En lo personal, me inclino hacia la adversa. Lo condeno -si se me permite tal pronunciamiento-, porque me parece que ignoró aquellas bestias por la embriaguez de su propio ego. Aunque inverosímil, no es sólo su culpa, sino de todo un país.
Fue la sociedad mexicana, quien entre cimientos ajenos, desconocidos, crueles y ruines, irguió las bases de un capitalismo dual, que propició la creación de dos mundos: el México Prominente y el México Desolador. Los habitantes de aquél país han ignorado por completo la existencia de éste. Ya se ha escrito –me parece– que el capitalismo transmuta las más puras intenciones del humano.
El México Prominente goza de una inmaculada fertilidad. Frutos dulces aguardan para quien abona su cosecha con esfuerzo. Recompensa para el arduo trabajo de quien se esmeró a lo largo de toda su vida.
Tal mundo ha logrado borrar por completo el valle de lágrimas. La peregrinación de sus habitantes hacía la cúspide es acaso onírica. Así, no suelen distinguir entre los sucesos fantásticos que les depara el lecho de su alcoba y las vicisitudes que les depara la cotidianidad de sus vidas.
El alba y el ocaso danzan a su merced. Al salir de su hogar, el astro luminoso acaricia su tersa piel. Horas más tardes, el astro lunar se postra firme en la ventana para ser admirado y adorado por quienes le permiten el capricho de la soledad.
Los horizontes no huyen hacía el firmamento; quietos y sigilosos esperan la travesía de sus ciudadanos. La lluvia es aquella melodía suave que arrulla sus sentimientos. La ley es el ático de sus recuerdos infames, y la justicia, entre celosías, se limita a observar sus fechorías.
Es, a grandes rasgos, el sueño prototipo de las ambiciones humanas.
El México Desolador parece no existir en la misma dimensión.

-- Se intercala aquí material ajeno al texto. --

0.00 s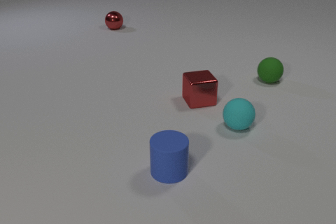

Sus tierras áridas se abrazan a la esperanza del trabajo. Abandonadas a la intemperie de la desdicha, no hay frutos ni cosechas en tal país. Entre nebulosos horizontes, se alcanza a vislumbrar sueños que se abrazan al mármol frio: han nacido muertos. Los habitantes saben que sus aspiraciones son una burla de los dioses.
Sus vidas, una jugarreta de mal gusto del azar. El alba y el ocaso son sólo un presagio de su sufrimiento. Las manecillas del Tiempo no concuerdan con la realidad: amanece y aún persisten las jornadas laborales. Oscurece, y comienza otra más. Confabulan los nostálgicos ayeres en los linderos de sus mentes para revestirlos de desesperanza.
En el México Desolador, la lluvia sórdida es el anuncio de la crónica de la destrucción. La ley se convierte en su verdugo, y la justicia, es solo una prostituta maleada por proxenetas en togas y en curules. ¿Qué les depara el Tiempo a esos habitantes? ¿Ser un párrafo más en los anales de su historia?
Leyendas aseguran que ambos mundos, convergen, por breves momentos, en las esquinas de cualquier metrópoli. Justo ahí donde la penumbra muestra el lado oscuro y egoísta del corazón humano. Y que por tal suerte, algún día, un mundo devorará al otro.
Sospecho entonces, que como el eco de una estrella, alguno de los dos, cesará su existencia, para iluminar al otro.